Palazzo Pfanner

Looking down from the splendid walk along the Lucca's City Walls we can enjoy the sight of the garden of Palazzo Pfanner, one of the most beautiful gardens in the town. The house was probably designed by a Genoese architect for the Moriconi family, a merchant family of Lucca who traded in silk and wanted to show off their wealth with a sumptuous palace inside the city walls.

In 1680 the house passed into the ownership of the Contronis, another merchant family. It was in this phase, in 1686, that a number of changes were made, including the addition of the splendid outside staircase.

The house took the name of the Pfanner family in 1800, when it was acquired by the Austrian brewer whom Charles Louis Bourbon had invited to Lucca in 1846 to direct the brewing of beer in the town. The brewery, which produced beer according to the old German tradition, was operative until 1929.

The house is still owned by the Pfanner family and has been open to the public since the 1990s. Inside we can admire the splendid monumental hall, frescoed in the 18th century, and a collection of surgical instruments which belonged to a member of the Pfanner family, a physician who was also mayor of Lucca from 1920 to 1922.

However, the most charming, fascinating and poetical part of the house remains the marvellous Italian-style garden, created in 1700, perhaps by Filippo Juvarra. A series of exotic and Mediterranean plants, lawns, pools, statues of the four elements and the four seasons, a Roman sarcophagus, pines, fruit trees and magnolias follow one other in a carefully designed arrangement, bounded by a hedge surrounding the entire garden.

Another corner just under the walls of Lucca is dedicated to the lemon-house, but lemon trees decorate the entire garden in large vases. And once again statues, those of Hercules and Cybele, and finally roses to make the picture romantic and relaxing.
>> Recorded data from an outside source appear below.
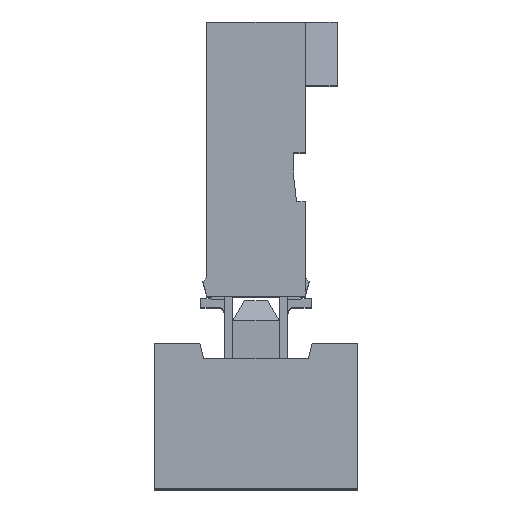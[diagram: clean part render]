
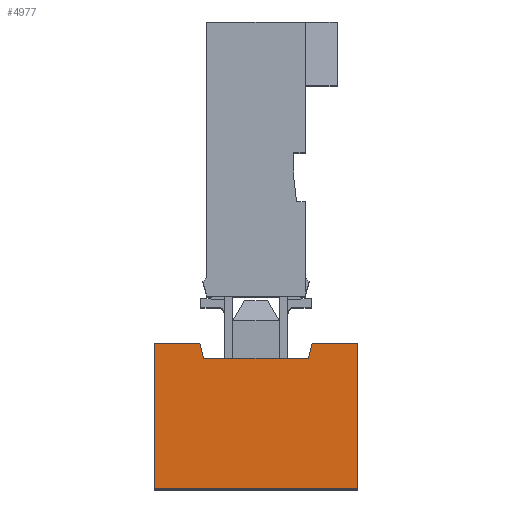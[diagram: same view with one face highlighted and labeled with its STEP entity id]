
A CAD part, top view. The second image highlights one B-rep face of the part: STEP entity #4977.
In plain terms, the highlighted planar face has unit normal (0, 0, 1).
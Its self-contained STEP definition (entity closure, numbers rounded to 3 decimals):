
#4977 = ADVANCED_FACE( '', ( #10441 ), #10442, .T. );
#10441 = FACE_OUTER_BOUND( '', #16350, .T. );
#10442 = PLANE( '', #16351 );
#16350 = EDGE_LOOP( '', ( #32443, #32444, #32445, #32446, #32447, #32448, #32449, #32450 ) );
#16351 = AXIS2_PLACEMENT_3D( '', #32451, #32452, #32453 );
#32443 = ORIENTED_EDGE( '', *, *, #43749, .F. );
#32444 = ORIENTED_EDGE( '', *, *, #38996, .F. );
#32445 = ORIENTED_EDGE( '', *, *, #43750, .F. );
#32446 = ORIENTED_EDGE( '', *, *, #43751, .F. );
#32447 = ORIENTED_EDGE( '', *, *, #43752, .T. );
#32448 = ORIENTED_EDGE( '', *, *, #41954, .F. );
#32449 = ORIENTED_EDGE( '', *, *, #42628, .T. );
#32450 = ORIENTED_EDGE( '', *, *, #43753, .F. );
#32451 = CARTESIAN_POINT( '', ( 20.976, 5.264, -10. ) );
#32452 = DIRECTION( '', ( 0., 0., 1. ) );
#32453 = DIRECTION( '', ( 1., 0., 0. ) );
#38996 = EDGE_CURVE( '', #48302, #48304, #48305, .T. );
#41954 = EDGE_CURVE( '', #52820, #52821, #52822, .T. );
#42628 = EDGE_CURVE( '', #52820, #53703, #53705, .T. );
#43749 = EDGE_CURVE( '', #48304, #55062, #55063, .T. );
#43750 = EDGE_CURVE( '', #55064, #48302, #55065, .T. );
#43751 = EDGE_CURVE( '', #55066, #55064, #55067, .T. );
#43752 = EDGE_CURVE( '', #55066, #52821, #55068, .T. );
#43753 = EDGE_CURVE( '', #55062, #53703, #55069, .T. );
#48302 = VERTEX_POINT( '', #61330 );
#48304 = VERTEX_POINT( '', #61333 );
#48305 = LINE( '', #61334, #61335 );
#52820 = VERTEX_POINT( '', #68053 );
#52821 = VERTEX_POINT( '', #68054 );
#52822 = LINE( '', #68055, #68056 );
#53703 = VERTEX_POINT( '', #69381 );
#53705 = LINE( '', #69384, #69385 );
#55062 = VERTEX_POINT( '', #71414 );
#55063 = LINE( '', #71415, #71416 );
#55064 = VERTEX_POINT( '', #71417 );
#55065 = LINE( '', #71418, #71419 );
#55066 = VERTEX_POINT( '', #71420 );
#55067 = LINE( '', #71421, #71422 );
#55068 = LINE( '', #71423, #71424 );
#55069 = LINE( '', #71425, #71426 );
#61330 = CARTESIAN_POINT( '', ( 24.476, -5.152, -10. ) );
#61333 = CARTESIAN_POINT( '', ( 17.476, -5.152, -10. ) );
#61334 = CARTESIAN_POINT( '', ( 24.476, -5.152, -10. ) );
#61335 = VECTOR( '', #74603, 1000. );
#68053 = CARTESIAN_POINT( '', ( 19.176, -0.652, -10. ) );
#68054 = CARTESIAN_POINT( '', ( 22.776, -0.652, -10. ) );
#68055 = CARTESIAN_POINT( '', ( 20.976, -0.652, -10. ) );
#68056 = VECTOR( '', #77290, 1000. );
#69381 = CARTESIAN_POINT( '', ( 19.042, -0.152, -10. ) );
#69384 = CARTESIAN_POINT( '', ( 18.942, 0.222, -10. ) );
#69385 = VECTOR( '', #77862, 1000. );
#71414 = CARTESIAN_POINT( '', ( 17.476, -0.152, -10. ) );
#71415 = CARTESIAN_POINT( '', ( 17.476, -5.152, -10. ) );
#71416 = VECTOR( '', #78739, 1000. );
#71417 = CARTESIAN_POINT( '', ( 24.476, -0.152, -10. ) );
#71418 = CARTESIAN_POINT( '', ( 24.476, -0.152, -10. ) );
#71419 = VECTOR( '', #78740, 1000. );
#71420 = CARTESIAN_POINT( '', ( 22.91, -0.152, -10. ) );
#71421 = CARTESIAN_POINT( '', ( 17.476, -0.152, -10. ) );
#71422 = VECTOR( '', #78741, 1000. );
#71423 = CARTESIAN_POINT( '', ( 23.01, 0.222, -10. ) );
#71424 = VECTOR( '', #78742, 1000. );
#71425 = CARTESIAN_POINT( '', ( 17.476, -0.152, -10. ) );
#71426 = VECTOR( '', #78743, 1000. );
#74603 = DIRECTION( '', ( -1., 0., 0. ) );
#77290 = DIRECTION( '', ( 1., 0., 0. ) );
#77862 = DIRECTION( '', ( -0.259, 0.966, 0. ) );
#78739 = DIRECTION( '', ( 0., 1., 0. ) );
#78740 = DIRECTION( '', ( 0., -1., 0. ) );
#78741 = DIRECTION( '', ( 1., 0., 0. ) );
#78742 = DIRECTION( '', ( -0.259, -0.966, 0. ) );
#78743 = DIRECTION( '', ( 1., 0., 0. ) );

The house, with its delightful views and the splendid garden, has also succeeded in attracting the world of the cinema, becoming the location of films celebrated both in Italy and internationally, representing the typical house of the nobility. It is to be seen in a number of films, including "Il marchese del Grillo" (Marquess of Grillo) by Mario Monicelli, with Alberto Sordi, and Jane Campion's "The Portrait of a Lady".